While one Chemgas and one Horons were serving a term in the state penitentiary, under a conviction of a felony, they each made application to this court for a writ of habeas corpus. The writs issued, and pending a final consideration of the cases, the petitioners were ordered admitted to bail in the penal sum of $7,000.00, with surety to be approved by the clerk of the court.

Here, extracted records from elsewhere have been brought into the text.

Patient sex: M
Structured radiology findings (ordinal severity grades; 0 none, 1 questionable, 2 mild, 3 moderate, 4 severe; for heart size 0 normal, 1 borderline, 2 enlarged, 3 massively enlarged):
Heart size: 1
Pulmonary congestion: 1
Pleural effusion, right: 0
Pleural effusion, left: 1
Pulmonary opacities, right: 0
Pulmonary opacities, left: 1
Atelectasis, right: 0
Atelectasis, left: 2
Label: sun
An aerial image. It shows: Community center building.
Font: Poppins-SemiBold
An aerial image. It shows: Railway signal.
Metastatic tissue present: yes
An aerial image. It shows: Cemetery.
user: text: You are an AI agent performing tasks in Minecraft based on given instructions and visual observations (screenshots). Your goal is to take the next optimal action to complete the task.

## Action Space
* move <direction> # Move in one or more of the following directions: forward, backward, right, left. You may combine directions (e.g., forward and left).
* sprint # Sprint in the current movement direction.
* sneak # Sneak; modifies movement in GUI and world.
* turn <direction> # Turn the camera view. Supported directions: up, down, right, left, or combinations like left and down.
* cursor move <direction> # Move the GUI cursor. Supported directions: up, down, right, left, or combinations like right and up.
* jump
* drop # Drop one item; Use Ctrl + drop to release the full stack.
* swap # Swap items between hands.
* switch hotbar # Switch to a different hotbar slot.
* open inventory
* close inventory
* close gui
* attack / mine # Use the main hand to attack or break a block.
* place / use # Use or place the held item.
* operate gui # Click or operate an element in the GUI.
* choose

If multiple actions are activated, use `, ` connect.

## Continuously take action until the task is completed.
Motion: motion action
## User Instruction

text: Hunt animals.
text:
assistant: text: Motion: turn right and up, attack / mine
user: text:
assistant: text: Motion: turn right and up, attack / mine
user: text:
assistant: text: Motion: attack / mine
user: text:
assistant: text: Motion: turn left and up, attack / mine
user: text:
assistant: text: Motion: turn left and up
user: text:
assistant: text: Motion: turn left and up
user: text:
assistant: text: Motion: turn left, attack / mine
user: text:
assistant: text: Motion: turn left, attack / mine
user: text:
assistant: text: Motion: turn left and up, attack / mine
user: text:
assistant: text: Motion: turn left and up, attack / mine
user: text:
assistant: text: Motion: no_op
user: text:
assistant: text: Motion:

*596Bonds were filed and approved by the clerk, each of said bonds being conditioned that the .principal should “When notified, be and appear at the sessions of said court from time to time and day to day until the final determination of said cause, and shall not depart said state without leave of said court; and shall surrender himself to the said court to be remanded in accordance with the order therefor, in case such order is at any time made, and shall in all respects obey the orders of said honorable court.” Upon the giving of the bonds, the petitioners were discharged froni custody. Upon final hearing of the causes, an order was entered in the Chemgas case “That the motion to discharge the petitioner on the return be denied, and he is remanded to the custody of the warden of the penitentiary.” In the Hororis case, the order was only that the petition be denied, there being no remanding order.. The petitioners having disappeared, action was brought to recover on the bonds, William H. Rohrer, one of the sureties on the bonds, being the only defendant served. Rohrer having died, Darrow, as administrator, was substituted as defendant. Judgment was rendered for the plaintiff in the sum of $15,000.00, and the cause is now here on error.

Plaintiff in error contends that, inasmuch as there is no statutory provision for the giving of a bond, as provided in the order of this court, the conditional portion of the bond must follow the court’s order; that since the bond given does not in all respects follow said order, it is void. Counsel urge the following additional points as grounds for reversal of the judgment:

First, that the bond is not under seal. Second, that there is no allegation of the breach of the bond, because it was not alleged that the principal had been notified to appear. Third, that the action should have been brought in this court in which the bonds were ordered to be given. Fourth, that the bonds are void because they do not specify the nature of the crime of which the principal obligors were convicted, or the terms of their sentences. Fifth, because the name of defendant Rohrer does not appear in the body of the instrument.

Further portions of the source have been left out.